Christiana, pensiez-vous vraiment ce que vous disiez à Istanbul ? Les actes pèsent plus que les mots [2]. D’après ce que je constate, les multinationales les plus polluantes ont plus leur place ici que la jeunesse [3].

J’aimerais pointer une deuxième incohérence dans votre discours. Pendant la conférence hier, en réponse à la question de mes ami-e-s pour savoir si nous pouvions rentrer, vous leur avez dit : « Je ne peux pas savoir si on peut les laisser rentrer, et quand. Car c’est une discussion que je dois avoir avec le service de sécurité, c’est à eux de me conseiller sur la décision à prendre. »

Je suis tout à fait d’accord. Cependant, le chef de la sécurité a été très clair : nous pouvions rentrer dès le lendemain. J’ai entendu dire que vous aviez pris cette décision personnellement.

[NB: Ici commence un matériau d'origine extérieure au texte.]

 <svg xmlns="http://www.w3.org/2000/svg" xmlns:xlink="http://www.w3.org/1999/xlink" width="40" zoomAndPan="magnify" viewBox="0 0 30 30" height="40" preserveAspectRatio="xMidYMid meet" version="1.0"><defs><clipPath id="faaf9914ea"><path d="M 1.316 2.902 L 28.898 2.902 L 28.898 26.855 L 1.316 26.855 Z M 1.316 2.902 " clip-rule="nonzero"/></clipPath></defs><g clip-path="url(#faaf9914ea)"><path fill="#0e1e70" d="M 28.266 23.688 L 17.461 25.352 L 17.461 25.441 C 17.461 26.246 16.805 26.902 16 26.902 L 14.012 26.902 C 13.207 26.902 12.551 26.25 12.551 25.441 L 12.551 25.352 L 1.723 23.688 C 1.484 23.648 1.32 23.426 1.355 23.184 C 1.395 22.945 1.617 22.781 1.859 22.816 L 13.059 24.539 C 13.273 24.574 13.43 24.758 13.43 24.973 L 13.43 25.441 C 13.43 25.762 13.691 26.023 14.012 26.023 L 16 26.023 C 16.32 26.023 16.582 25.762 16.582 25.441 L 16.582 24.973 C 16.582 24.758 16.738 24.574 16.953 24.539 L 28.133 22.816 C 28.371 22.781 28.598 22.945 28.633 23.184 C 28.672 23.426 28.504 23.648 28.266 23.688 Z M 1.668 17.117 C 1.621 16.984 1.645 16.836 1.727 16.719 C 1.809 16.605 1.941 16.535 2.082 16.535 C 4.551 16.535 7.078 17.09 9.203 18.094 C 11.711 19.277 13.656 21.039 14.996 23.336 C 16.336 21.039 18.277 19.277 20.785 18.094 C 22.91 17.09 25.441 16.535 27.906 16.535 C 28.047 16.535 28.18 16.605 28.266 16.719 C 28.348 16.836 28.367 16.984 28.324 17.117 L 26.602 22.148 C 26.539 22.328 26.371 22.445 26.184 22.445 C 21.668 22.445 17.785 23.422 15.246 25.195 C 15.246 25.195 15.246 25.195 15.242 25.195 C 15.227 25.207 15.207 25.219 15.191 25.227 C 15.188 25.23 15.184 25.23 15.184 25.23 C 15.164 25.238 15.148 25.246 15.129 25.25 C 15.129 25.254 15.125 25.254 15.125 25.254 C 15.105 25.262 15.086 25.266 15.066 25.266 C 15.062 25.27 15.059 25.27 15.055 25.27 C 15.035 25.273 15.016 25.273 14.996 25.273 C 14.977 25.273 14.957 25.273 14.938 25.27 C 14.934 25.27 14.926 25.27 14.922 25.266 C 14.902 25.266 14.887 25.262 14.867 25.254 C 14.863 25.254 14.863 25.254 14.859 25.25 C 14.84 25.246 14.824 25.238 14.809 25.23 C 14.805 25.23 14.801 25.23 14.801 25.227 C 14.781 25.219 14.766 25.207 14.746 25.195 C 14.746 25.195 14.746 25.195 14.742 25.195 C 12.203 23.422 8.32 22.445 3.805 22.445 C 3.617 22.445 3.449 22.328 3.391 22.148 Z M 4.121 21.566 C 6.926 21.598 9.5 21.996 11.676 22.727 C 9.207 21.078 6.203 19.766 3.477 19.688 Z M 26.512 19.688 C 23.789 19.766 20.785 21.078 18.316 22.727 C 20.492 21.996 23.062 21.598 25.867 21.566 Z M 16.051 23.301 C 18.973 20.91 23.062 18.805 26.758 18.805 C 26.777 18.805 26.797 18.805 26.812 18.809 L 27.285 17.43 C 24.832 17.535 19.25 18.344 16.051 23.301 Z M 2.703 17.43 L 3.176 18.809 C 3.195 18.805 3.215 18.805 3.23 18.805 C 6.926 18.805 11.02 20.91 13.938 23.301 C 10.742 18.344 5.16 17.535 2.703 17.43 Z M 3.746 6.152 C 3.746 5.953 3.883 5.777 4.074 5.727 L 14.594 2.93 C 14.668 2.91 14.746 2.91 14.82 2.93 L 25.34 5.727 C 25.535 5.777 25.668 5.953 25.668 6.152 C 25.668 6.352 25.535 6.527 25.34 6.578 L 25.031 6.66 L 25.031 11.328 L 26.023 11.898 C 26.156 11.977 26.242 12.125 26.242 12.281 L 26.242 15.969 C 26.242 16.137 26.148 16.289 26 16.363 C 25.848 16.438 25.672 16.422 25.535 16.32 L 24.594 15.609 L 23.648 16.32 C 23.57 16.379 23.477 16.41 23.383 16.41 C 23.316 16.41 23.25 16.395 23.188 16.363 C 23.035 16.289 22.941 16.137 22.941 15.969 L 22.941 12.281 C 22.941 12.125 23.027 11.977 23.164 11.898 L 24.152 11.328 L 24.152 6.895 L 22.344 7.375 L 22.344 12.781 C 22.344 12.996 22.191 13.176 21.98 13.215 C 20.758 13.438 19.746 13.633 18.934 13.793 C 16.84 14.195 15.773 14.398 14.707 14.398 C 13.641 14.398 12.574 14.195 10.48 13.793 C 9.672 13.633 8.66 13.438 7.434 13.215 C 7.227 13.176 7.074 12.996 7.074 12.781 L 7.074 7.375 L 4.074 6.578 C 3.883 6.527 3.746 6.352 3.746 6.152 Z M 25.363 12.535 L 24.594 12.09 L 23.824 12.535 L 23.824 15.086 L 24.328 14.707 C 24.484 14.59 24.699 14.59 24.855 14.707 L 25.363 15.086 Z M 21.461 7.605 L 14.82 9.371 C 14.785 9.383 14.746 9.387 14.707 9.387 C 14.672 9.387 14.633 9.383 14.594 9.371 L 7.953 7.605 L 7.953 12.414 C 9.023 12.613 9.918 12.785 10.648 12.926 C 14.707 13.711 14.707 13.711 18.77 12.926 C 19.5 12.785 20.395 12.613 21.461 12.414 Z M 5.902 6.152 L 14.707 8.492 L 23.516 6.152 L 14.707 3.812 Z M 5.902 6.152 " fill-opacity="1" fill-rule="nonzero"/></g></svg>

Je pense qu’il y a des choses plus importantes à faire en ce moment. Nous n’avons que deux semaines par an pour négocier un accord sur le climat, et souvent, vous insistez sur le temps très court que cela représente. Vous dites aussi souvent : « J’ai une COP à diriger. » Je vous soutiens Christiana. Je vous prie de la diriger. Guidez nos dirigeants vers un accord ambitieux, juste, et contraignant.

Vous devez savoir qu’aujourd’hui, malheureusement, la société civile ne croit plus beaucoup en la conférence des Nations-Unies sur le changement climatique. Moi même je doute parfois de ma foi dans le système politique. Cela étant dit, je pense que cette conférence a un rôle clef à jouer pour pousser les gouvernements à éviter un dérèglement climatique catastrophique, et j’aimerais éviter que cela discrédite ou affaiblisse la conférence, ou que cela mène à un désengagement de la société civile.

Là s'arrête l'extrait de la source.